+++ SUPPLIED MATERIAL +++
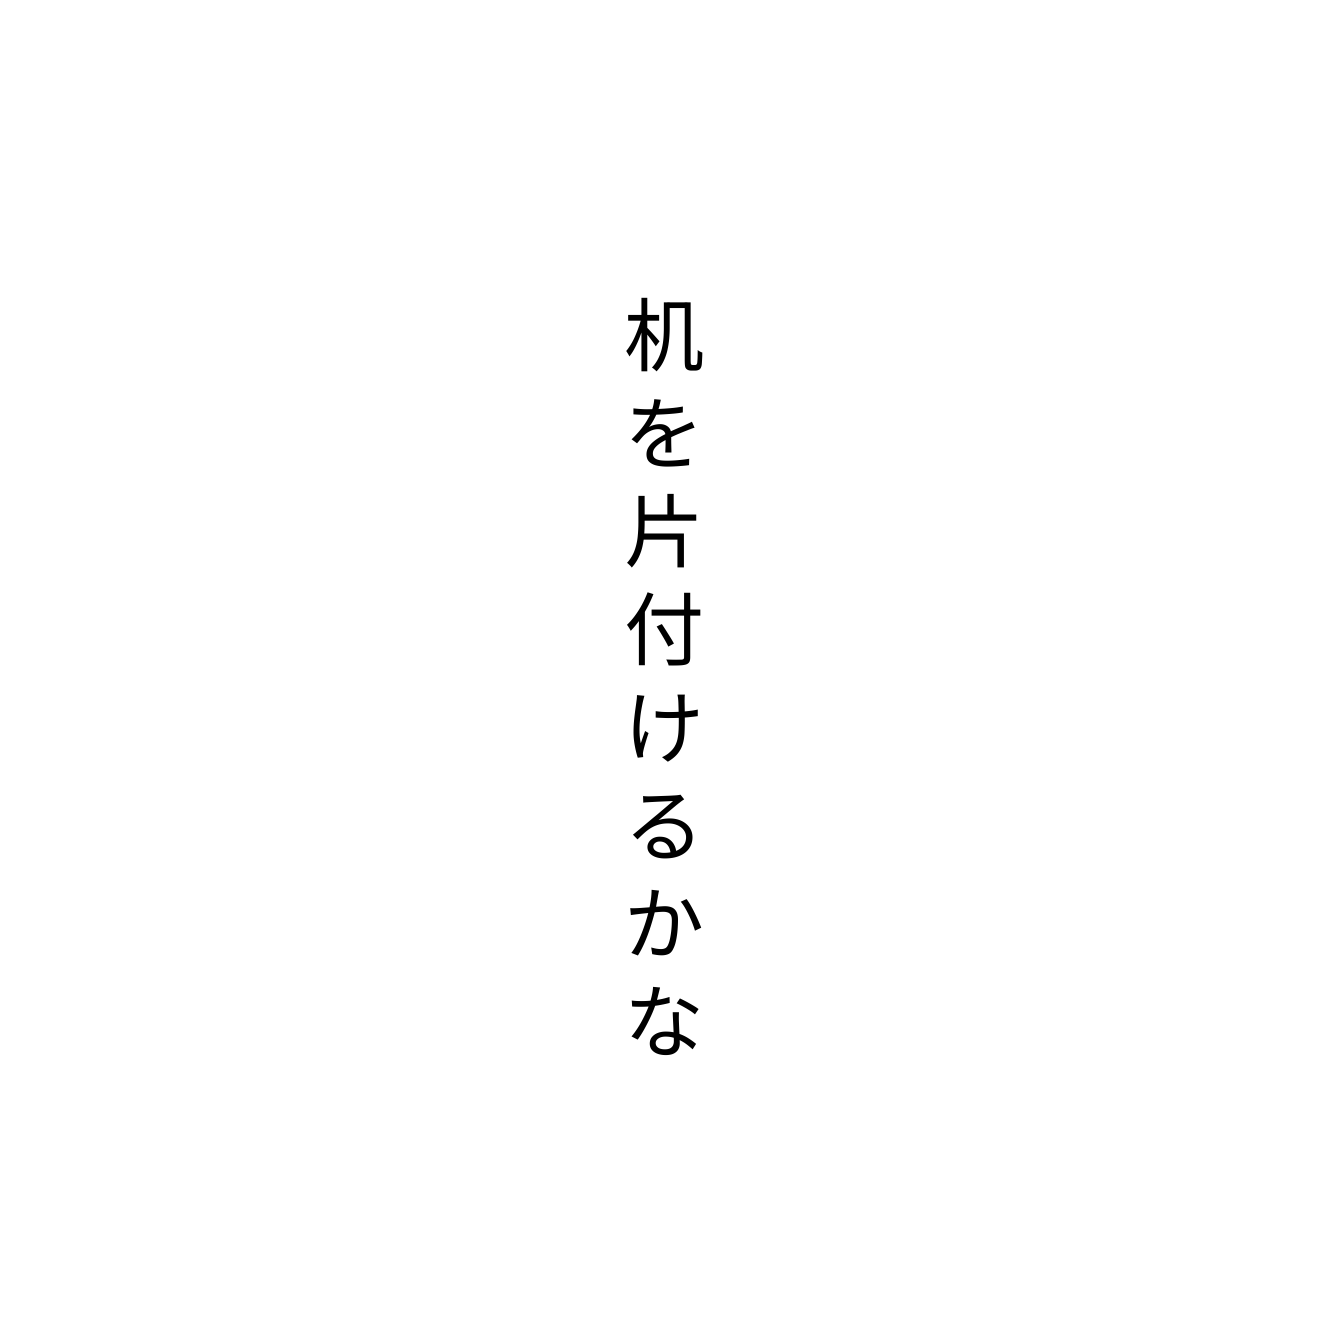
机を片付けるかな
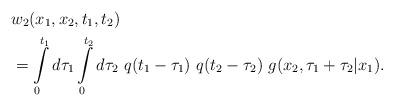
LaTeX: \begin{align*}& w_2 (x_1,x_2,t_1,t_2) \\& = \int\limits_0^{t_1} d\tau_1 \int\limits_0^{t_2} d\tau_2 ~q(t_1-\tau_1) ~q(t_2-\tau_2)~ g(x_2,\tau_1 + \tau_2|x_1) . \\\end{align*}
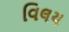
વિલય
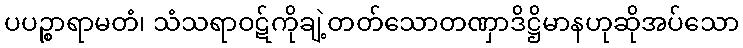
ပပဉ္စာရာမတံ၊ သံသရာဝဋ်ကိုချဲ့တတ်သောတဏှာဒိဋ္ဌိမာနဟုဆိုအပ်သော
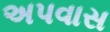
અપવાસ
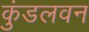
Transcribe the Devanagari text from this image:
कुंडलवन
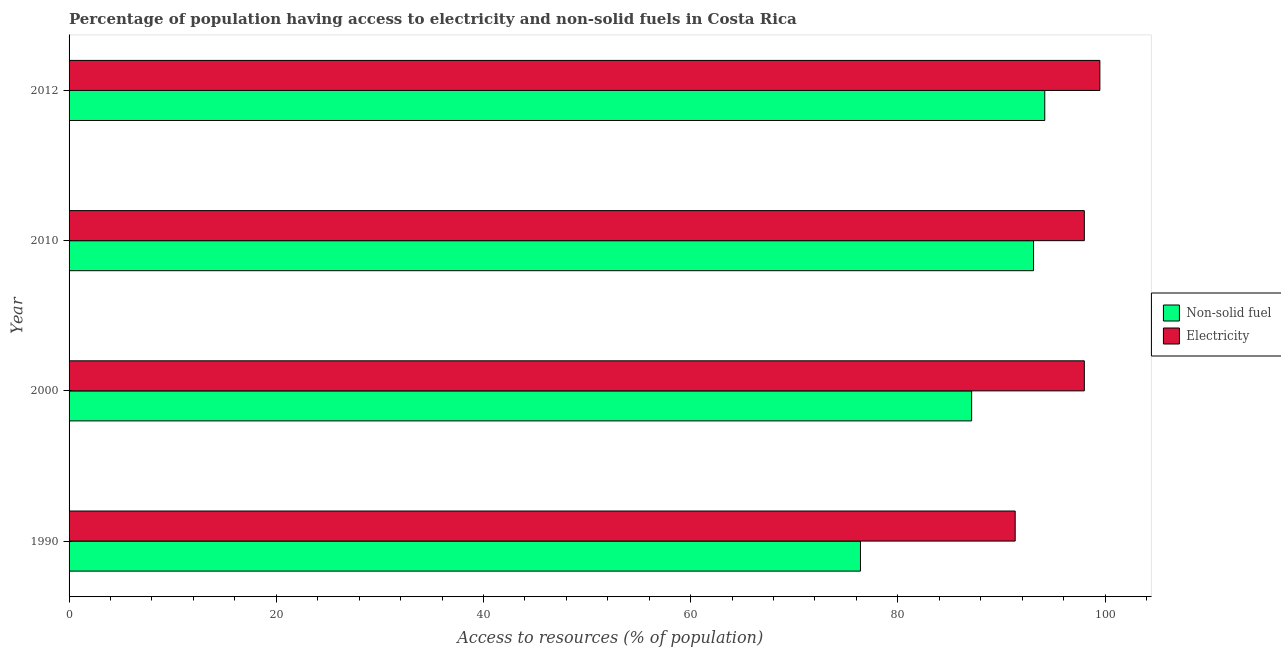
+++
-- EXERCISE INSTRUCTIONS --
Print, exactly and only, the lines running from the line with "Transcribe the Devanagari" through the last line of the data, including both. Skip any picture.

-- RESPONSE --
Transcribe the Devanagari text from this image:
कुंडलवन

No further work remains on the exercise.